Cecily always described her father, a quantity surveyor and friend of Myles Na Gopaleen and John McCormack, as "the most stylish man I've ever met," and it was his suggestion that she try fashion. "When I finished school he thought – 'what are we going to do with Cecily?' He knew Irene Gilbert and, because I was tall and skinny, [she] gave me a go." Cecily became a house model for Irene, who dressed women such as Anne, Countess of Rosse, and even Grace Kelly, for whom Cecily once modelled a stunning dress of Carrickmacross lace. Grace O'Shaughnessy, who did shows with Cecily, recalls her then as "very friendly and warm. We had great giggles doing the shows."

However, everyone who knew her then agrees that modelling was never Cecily's real passion.

"Actually, she hated it, she much preferred being in the background," recalls Hilary Weston, who modelled with Cecily as Hilary Frayne, before she married Galen Weston, and was undoubtedly her greatest friend. "Cecily loved to design clothes and the skill behind making clothes. She loved making other people look beautiful."

Theirs was a friendship that began at school age – "Cecily was in Holy Child, I was in Loreto Abbey" –and stayed strong throughout the many slings and arrows of life.

Success can ruin friendships as easily as hardship, and once Hilary married into the Westons, and went on to create an empire with Galen worth some €3.5bn in 2010, the two women's worlds could so easily have drifted apart. But they didn't. Each stood godmother to the other's daughter – Hilary to Sarah, and Cecily to Alannah, who is now creative director of Selfridges in London – and the families holidayed constantly together.

"We spent every holiday together," Alannah tells me, on her way to the Sacred Heart Church in Donnybrook where she delivered the eulogy at her much-loved godmother's funeral. "Amazing Christmases in Roundwood, Easter in Toronto, summer holidays in Florida" – where the Westons have a private island off the Atlantic coast – "And the banter in our house was always great when Cecily was there, the craic."

Building on her love of clothes and design, Cecily began to sell for Irene Gilbert as well as model, and then moved to London, where she worked for Donald Davies, another Irish designer, running first the shop on Elizabeth Street, then, after six years, all eight of the English shops and one in Paris. Those were heady times, with the designs featured in Vogue, "and Jean Shrimpton in the shop on Saturday mornings with David Bailey," as Cecily later recalled. "I was demented in those days, quite wild. I wore white Biba boots, the shortest skirt and my eyebrows still haven't recovered from all the plucking."
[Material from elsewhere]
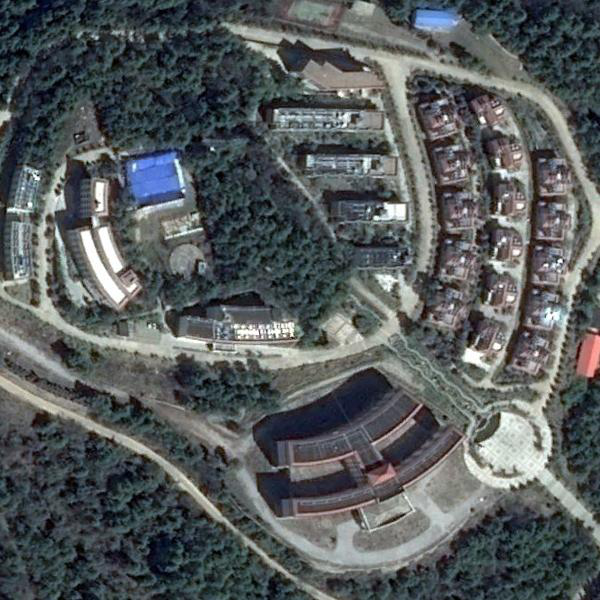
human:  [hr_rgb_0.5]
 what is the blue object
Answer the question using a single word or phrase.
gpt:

"Private Lives was all about Cecily and her extraordinary gift to give people confidence," says Hilary Weston. "She used to say, 'don't worry about what other people think of you, they seldom do!' She would wardrobe all the leading people in Ireland for every season of the year. Dress them from head to toe, from the underwear out, from shoes to hat, and all the accessories. Cecily looked after them, and their families. She was involved in weddings, funerals, all the details of people's lives. She also watched over the generations, dressing first a mother, then her daughter."

Cecily herself was part of this glamorous, busy world, whether holding court in Brown's restaurant in BT's, taking holidays with the Westons or entertaining and being entertained at home. "Our babysitters always brought an overnight bag," Sarah tells me. "Even when mum told them she and dad would be home by 1 or 2am, because they never came home 'til seven or eight in the morning! They'd be out in Leeson Street, any divilment they could get up to, they did."

But it was a candle that was burned enthusiastically at both ends. Sarah also says that the earliest photos of herself as a baby were taken in Brown Thomas; "mum went back to work a few weeks after I was born. She wanted to, and no one ever stopped her doing what she wanted to do. But even though she always worked, and was away a lot, at shows and buying trips, we did loads of things together as a family. We were always having adventures." Despite – or perhaps because – she did not always get on with her own mother, Cecily put much of her energy and creativity into her own daughters, guiding but never smothering.